Staff Writer

The South Jersey South Shore Baseball League playoffs have featured some pretty talented baseball players that have been doing some special things on the diamond the past two weeks. But now, even a week later, it’s still hard to fathom what Hammonton Hot Shots pitcher John Kasper did last week in his team’s 9-0 victory over the Absecon Outlaws that put Hammonton into this week’s semifinals.

Kasper, 24 years old and a former player at Gloucester Catholic who pitches now at Rutgers-Camden, twirled a complete game, two-hit shutout. Nothing special about that, right?


He only needed 52 pitches to finish all seven innings, and of those 52 pitches and almost unbelievable 48 were strikes. He averaged less than eight pitches per inning — for the entire game.

“I was always was known for throwing in the zone and throwing strikes, but I mean, to that caliber, I’ve never come close to something like that,” he said earlier this week. “I didn’t even know it until after the game either. I was really locked in and just focused and just trying to get the win because anytime you take a pitch off or anytime you take a couple outs off, you never know what could happen.

“I felt like I was locating a lot better in the bullpen than usual,” he explained. “I kind of just let it loose, just trying to get my arm ready for a lot of pitches. I did feel like I was on that day. I was hitting my spots and I felt like, ‘you know what, maybe today’s going to be a different outcome than usual.’”

Incredibly, Hammonton Hot Shots pitcher John Kasper needed just 52 pitches in a complete game victory over Absecon in the South Jersey South Shore Baseball League playoffs last week. (South Jersey Glory Days photo/Sully)

“Even, now, it’s a week later and I’m still not quite sure I believe what I saw,” said Hammonton coach Sam Rodio. “He was throwing well to say the least. He always throws a lot of strikes. That’s his M.O. He doesn’t walk guys. It’s a cliché and I’ve said it 1000 times, but throwing strikes and changing speeds gets it done. And the defense also played very well. I remember a couple plays off the top of my head. Our shortstop made a great play, the right fielder went down the line and made another great play. So the defense helped a lot, and our catcher that night, Austin Sofran, was awesome. He and Kasper did a really nice job, they were on the same page all night. It was special watch.”
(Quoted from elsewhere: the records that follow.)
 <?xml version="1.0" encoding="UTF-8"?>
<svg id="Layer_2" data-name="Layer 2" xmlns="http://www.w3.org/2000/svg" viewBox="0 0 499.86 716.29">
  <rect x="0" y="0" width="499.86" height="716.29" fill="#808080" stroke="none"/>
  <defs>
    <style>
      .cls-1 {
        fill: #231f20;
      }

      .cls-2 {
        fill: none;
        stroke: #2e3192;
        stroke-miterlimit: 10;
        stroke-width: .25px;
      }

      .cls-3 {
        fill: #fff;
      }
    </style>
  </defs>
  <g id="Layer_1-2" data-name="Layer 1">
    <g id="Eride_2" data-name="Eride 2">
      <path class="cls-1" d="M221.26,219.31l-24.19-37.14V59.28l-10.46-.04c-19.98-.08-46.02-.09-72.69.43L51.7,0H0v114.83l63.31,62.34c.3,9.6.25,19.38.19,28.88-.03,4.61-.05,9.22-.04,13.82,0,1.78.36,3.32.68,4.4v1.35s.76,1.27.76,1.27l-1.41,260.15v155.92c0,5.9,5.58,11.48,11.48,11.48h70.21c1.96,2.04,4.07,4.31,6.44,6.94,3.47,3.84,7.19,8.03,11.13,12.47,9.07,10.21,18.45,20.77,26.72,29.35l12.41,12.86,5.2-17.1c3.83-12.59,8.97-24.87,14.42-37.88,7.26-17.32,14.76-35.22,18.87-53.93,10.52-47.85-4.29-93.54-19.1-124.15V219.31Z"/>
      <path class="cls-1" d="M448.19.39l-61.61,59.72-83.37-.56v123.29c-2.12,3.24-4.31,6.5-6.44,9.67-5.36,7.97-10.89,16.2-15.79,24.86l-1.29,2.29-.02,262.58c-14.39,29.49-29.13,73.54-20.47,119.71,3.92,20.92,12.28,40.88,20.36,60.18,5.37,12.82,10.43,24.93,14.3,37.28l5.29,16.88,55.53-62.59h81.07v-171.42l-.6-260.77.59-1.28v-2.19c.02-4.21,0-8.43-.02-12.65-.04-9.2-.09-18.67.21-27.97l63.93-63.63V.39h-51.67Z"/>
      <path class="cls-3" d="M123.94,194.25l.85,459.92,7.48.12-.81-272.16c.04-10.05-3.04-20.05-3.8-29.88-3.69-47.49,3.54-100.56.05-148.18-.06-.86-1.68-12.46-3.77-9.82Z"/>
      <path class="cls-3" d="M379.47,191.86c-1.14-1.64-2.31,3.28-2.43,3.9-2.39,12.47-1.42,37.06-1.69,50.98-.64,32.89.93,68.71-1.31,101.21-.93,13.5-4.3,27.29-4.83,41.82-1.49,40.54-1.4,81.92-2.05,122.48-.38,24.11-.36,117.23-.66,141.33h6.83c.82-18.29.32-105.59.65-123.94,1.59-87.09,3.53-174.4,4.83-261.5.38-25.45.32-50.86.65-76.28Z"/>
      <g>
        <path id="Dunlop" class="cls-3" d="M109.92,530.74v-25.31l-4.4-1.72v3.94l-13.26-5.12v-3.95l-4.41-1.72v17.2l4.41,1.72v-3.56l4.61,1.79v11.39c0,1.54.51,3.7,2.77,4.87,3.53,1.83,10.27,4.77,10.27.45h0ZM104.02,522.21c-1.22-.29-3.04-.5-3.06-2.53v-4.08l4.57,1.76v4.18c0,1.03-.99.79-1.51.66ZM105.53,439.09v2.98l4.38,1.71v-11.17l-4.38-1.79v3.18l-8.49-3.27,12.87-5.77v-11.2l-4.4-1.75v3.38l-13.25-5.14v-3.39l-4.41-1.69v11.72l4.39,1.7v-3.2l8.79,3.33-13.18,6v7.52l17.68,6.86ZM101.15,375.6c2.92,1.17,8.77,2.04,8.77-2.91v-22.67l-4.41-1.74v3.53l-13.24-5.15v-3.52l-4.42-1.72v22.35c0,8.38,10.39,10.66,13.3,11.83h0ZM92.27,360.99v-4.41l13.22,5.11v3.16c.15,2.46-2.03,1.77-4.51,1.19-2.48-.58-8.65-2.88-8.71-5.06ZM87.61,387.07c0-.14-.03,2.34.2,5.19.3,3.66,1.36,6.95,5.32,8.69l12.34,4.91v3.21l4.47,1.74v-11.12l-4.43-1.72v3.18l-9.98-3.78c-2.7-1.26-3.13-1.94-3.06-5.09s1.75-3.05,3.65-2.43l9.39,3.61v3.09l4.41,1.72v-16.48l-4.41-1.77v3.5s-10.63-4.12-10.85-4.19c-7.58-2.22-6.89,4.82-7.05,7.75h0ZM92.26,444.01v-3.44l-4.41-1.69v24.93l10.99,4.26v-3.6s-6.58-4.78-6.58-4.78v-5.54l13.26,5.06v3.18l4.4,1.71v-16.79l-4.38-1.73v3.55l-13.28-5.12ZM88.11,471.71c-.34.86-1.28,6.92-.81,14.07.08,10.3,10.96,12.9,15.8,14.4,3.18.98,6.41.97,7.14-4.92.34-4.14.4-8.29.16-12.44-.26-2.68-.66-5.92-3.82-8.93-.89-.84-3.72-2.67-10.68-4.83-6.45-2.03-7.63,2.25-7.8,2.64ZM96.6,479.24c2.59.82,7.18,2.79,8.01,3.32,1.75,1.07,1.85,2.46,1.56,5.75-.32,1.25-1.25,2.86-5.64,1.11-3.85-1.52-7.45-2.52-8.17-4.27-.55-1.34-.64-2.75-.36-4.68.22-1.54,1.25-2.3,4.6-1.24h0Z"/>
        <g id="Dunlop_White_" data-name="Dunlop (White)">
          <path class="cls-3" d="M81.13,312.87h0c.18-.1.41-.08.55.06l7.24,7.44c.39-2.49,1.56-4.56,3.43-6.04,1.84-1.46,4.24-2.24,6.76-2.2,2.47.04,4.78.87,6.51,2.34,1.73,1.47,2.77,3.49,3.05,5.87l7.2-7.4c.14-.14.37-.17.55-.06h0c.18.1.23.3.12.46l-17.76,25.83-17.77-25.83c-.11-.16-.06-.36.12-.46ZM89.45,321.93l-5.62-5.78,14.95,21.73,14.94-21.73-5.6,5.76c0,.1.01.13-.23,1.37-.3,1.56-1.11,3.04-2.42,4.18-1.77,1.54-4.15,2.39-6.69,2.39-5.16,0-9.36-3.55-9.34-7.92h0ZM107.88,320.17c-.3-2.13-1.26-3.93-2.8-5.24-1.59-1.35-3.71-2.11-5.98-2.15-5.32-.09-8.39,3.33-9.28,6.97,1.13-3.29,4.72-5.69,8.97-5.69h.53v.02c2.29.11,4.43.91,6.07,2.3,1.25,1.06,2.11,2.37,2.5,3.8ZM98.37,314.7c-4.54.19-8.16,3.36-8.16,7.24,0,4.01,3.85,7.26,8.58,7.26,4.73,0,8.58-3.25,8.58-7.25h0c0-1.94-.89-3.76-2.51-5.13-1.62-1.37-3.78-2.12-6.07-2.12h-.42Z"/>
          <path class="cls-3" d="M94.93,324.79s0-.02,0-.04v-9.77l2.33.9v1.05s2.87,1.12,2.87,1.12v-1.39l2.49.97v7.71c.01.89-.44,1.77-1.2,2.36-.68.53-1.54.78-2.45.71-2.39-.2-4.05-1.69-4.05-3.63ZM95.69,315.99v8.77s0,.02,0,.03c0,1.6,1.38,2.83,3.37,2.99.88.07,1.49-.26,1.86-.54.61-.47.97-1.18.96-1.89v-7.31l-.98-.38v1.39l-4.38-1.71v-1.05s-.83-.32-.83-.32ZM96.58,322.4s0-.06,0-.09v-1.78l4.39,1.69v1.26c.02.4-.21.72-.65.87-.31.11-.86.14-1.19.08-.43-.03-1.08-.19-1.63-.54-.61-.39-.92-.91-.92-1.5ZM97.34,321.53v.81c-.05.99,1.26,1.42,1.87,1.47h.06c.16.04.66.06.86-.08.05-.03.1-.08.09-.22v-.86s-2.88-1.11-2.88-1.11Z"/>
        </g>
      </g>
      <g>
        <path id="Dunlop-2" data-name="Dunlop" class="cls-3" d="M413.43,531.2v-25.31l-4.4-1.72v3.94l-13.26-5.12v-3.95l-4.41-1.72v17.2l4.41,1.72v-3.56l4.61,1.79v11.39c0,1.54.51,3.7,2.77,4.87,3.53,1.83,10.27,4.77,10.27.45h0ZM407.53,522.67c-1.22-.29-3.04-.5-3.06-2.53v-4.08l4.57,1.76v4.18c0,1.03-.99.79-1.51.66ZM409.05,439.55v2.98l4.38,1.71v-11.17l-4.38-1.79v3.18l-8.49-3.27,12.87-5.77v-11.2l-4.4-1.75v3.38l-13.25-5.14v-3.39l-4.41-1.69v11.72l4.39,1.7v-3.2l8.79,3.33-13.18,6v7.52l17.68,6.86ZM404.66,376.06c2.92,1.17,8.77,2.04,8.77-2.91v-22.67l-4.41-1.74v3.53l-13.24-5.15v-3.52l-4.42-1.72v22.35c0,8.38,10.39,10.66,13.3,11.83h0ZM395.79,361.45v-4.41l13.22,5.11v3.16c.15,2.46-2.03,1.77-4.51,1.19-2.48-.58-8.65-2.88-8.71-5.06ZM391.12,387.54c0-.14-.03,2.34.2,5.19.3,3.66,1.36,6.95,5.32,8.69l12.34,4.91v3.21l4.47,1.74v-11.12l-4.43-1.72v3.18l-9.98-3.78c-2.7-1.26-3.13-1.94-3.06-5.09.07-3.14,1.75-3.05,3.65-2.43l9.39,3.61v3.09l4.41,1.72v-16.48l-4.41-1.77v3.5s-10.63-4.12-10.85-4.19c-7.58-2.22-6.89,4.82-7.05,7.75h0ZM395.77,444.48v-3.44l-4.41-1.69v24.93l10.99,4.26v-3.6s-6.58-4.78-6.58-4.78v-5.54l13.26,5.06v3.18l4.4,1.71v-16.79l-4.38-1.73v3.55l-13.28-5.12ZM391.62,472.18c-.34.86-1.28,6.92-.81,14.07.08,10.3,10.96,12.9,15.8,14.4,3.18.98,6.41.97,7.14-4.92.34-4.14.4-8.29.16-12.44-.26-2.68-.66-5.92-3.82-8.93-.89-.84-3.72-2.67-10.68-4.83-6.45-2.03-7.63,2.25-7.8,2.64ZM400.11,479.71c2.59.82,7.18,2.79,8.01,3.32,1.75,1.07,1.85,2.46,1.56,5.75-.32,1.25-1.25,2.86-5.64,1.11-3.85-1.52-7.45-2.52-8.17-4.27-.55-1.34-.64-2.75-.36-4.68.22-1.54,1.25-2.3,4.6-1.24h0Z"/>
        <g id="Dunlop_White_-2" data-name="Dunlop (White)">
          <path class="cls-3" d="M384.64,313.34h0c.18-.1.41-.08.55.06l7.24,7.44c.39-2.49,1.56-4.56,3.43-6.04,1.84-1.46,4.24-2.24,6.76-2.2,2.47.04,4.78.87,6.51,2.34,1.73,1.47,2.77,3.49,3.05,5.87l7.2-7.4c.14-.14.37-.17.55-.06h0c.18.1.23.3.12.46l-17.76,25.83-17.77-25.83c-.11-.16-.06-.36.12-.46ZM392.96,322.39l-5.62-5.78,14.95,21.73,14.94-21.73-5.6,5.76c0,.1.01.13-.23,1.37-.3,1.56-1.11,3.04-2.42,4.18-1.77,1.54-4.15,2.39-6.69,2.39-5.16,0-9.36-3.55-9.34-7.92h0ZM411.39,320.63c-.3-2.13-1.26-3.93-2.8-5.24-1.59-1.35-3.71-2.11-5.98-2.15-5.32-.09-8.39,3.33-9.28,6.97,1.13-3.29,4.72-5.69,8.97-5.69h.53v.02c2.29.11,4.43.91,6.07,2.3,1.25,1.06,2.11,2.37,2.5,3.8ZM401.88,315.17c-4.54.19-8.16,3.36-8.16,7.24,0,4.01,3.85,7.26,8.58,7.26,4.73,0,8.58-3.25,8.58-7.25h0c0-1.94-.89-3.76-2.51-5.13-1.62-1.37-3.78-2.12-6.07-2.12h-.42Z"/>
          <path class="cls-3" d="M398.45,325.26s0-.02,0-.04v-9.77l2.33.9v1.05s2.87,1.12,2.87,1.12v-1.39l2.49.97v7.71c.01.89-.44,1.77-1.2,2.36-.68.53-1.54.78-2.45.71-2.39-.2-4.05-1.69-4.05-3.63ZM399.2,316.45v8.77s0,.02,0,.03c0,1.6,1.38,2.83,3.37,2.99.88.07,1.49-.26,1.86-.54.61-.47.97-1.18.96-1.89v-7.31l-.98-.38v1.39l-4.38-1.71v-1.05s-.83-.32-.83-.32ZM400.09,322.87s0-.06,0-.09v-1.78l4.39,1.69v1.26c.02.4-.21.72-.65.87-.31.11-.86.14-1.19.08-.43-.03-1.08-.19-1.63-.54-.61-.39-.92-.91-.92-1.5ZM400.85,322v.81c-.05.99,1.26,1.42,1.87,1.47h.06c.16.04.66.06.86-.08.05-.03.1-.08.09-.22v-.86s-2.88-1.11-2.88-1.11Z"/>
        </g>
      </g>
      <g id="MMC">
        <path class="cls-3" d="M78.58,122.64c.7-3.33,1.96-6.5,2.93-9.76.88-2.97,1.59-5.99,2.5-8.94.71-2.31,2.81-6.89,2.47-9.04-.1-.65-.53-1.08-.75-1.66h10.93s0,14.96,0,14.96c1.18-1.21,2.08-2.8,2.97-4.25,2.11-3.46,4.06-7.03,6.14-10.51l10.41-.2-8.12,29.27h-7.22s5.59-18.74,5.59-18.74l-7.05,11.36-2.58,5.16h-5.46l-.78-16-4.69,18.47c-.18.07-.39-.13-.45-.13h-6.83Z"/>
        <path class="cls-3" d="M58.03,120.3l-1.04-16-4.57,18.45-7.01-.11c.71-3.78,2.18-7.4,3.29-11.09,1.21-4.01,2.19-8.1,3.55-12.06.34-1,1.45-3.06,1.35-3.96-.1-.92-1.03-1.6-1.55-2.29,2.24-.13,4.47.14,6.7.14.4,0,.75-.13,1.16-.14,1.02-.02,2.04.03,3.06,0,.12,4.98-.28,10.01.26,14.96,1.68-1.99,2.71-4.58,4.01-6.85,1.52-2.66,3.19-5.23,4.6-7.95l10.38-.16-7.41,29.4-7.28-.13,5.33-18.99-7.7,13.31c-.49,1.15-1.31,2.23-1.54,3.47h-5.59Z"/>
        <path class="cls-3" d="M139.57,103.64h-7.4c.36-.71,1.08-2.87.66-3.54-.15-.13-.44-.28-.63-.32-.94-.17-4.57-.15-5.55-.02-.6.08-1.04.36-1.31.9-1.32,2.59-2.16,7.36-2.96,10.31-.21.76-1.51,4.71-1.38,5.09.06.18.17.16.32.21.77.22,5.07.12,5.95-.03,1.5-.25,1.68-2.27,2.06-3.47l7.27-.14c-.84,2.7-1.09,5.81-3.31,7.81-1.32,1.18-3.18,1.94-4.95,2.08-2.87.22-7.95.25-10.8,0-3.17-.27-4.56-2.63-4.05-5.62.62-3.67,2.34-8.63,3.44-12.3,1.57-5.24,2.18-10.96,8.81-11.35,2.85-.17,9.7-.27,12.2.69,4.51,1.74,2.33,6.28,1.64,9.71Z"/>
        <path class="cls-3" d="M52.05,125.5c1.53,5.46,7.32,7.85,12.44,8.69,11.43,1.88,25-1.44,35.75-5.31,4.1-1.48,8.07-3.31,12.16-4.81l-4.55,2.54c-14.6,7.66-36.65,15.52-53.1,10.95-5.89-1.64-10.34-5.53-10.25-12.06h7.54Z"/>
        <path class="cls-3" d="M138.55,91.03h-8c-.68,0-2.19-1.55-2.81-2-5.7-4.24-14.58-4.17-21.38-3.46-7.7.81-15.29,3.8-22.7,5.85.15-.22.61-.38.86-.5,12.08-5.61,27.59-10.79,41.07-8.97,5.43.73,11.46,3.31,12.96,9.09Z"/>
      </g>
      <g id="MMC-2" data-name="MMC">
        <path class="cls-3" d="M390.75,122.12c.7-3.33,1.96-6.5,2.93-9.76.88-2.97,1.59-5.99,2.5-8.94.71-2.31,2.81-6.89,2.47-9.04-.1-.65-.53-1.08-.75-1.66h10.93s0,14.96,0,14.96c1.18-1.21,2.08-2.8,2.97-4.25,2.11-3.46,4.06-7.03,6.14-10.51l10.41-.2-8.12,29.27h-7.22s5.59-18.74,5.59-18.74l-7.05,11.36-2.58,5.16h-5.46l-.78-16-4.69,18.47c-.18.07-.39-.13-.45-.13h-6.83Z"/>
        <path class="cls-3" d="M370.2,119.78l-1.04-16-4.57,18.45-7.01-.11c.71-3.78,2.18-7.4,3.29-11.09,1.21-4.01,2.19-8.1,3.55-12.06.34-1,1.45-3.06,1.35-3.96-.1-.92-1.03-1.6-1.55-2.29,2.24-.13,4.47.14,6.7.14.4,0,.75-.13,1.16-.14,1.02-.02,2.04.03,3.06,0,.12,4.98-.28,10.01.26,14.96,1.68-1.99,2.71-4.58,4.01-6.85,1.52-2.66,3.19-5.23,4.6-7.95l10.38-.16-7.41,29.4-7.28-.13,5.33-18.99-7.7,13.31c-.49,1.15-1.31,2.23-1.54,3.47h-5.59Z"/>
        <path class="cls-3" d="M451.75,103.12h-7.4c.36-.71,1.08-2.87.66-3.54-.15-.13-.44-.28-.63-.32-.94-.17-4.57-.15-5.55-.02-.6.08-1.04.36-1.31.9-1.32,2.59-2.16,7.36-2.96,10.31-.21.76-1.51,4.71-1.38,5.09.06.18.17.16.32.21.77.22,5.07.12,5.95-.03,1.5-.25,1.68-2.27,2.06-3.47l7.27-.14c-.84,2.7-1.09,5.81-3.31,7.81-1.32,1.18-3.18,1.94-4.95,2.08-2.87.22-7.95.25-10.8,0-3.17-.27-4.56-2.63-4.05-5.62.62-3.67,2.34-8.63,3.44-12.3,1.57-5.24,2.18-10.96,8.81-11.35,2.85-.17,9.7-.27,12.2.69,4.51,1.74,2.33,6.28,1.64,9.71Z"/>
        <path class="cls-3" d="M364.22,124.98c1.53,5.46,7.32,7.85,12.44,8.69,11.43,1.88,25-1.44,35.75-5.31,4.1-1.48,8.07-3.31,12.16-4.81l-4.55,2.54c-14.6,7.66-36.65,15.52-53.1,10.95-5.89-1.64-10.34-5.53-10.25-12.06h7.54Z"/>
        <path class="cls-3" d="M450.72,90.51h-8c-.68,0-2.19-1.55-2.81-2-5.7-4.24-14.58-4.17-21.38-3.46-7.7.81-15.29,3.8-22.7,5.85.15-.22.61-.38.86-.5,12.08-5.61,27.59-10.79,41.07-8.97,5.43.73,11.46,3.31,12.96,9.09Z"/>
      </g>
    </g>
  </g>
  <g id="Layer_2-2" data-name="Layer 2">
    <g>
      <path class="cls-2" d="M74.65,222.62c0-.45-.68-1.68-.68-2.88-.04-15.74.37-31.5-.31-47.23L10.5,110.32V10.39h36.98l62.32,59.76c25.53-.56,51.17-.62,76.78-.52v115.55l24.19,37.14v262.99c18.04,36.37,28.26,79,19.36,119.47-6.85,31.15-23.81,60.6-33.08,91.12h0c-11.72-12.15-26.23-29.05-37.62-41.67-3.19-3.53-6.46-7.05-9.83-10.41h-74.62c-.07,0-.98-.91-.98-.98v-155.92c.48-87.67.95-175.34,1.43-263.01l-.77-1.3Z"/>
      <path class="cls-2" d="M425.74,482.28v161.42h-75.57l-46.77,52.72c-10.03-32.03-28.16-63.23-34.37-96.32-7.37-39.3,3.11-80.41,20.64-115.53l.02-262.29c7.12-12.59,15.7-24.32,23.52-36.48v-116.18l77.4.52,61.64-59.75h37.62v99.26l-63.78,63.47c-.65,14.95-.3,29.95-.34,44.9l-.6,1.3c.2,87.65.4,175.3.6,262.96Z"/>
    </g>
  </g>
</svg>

Rodio said that when he gathered his team together after the win and told them what Kasper had just done, they all thought he was trying to play a prank on them.

“I didn’t even really believe it. I was looking at the Game Changer box score on my phone and he was 19 (pitches) and 18 (strikes) after three innings. I thought, something happened, maybe the internet’s down. I don’t know. Then, after the 4th, he was 30 (pitches) and 29 (strikes) and after the 6th he was 42 and 40. I said, ‘wait, is this right? We have everything, right?’ We went through and doubled checked everything after the sixth inning. Obviously, we knew he was doing really well, but nobody really knew what the actual pitch counts were. And the ball count and. He didn’t even actually realize it himself,” Rodio said. “He was in a groove and it was a quick game. I said, ‘guys, I don’t know if you realize what happened tonight. This guy just threw 52 pitches,’ and they all stared and then I said, ‘and he only threw four balls.’”

Kasper, a Glassboro resident, said it wasn’t easy to navigate the Outlaws lineup, which features some pretty good hitters on a team that was in the league semifinals a year ago.

“Most of them were taking first-pitch strikes a lot of the time. The other percentage they would foul off the first fastball or change-up. I know that one guy, (Ray) Keelan, he won the batting title last year, and I remember last year he went 3-for-4 off me. He’s good, and they have some other good hitters. So, to be able to keep them on their toes and not really let them know what’s coming, II felt good,” he said. “In the 6th inning, we were up big and I was like, ‘they are probably defeated.’  But I had to keep throwing strikes. I had to make them make a decision. By the time they even blink their eyes it’s already 0-and-2. I just tried to keep pumping in fastballs, keep giving them strikes, and they had prove to me that they can do something with it.”

Kasper figured he was up around 75 pitches by the time the game was over. He did a double-take when his coach said the final number was 52.

“I went back and watched the Game Changer (video). And I had 19 pitches going out into the 4th inning. I mean, holy smokes, man,” Kasper said. “After the game Sam was like, oh, guess how many pitches you threw? I said, ‘maybe 70, 75.’ He’s like, ‘52.’ He said, ‘how many balls do you think you threw?’ And I was like, I don’t know, maybe 10?’ He said, ‘four’ and I was like, ‘holy cow.’”

Years from now, that performance might be something Rodio’s family gets sick of hearing about.

“Now, we’ve had a lot of great pitchers over the years and there’s been a lot of great games, but I’ve never heard of it anywhere — Little League, pro ball or anything in between,” Rodio said. “I’ve never heard of that at any level anywhere. I still can’t believe it happened.”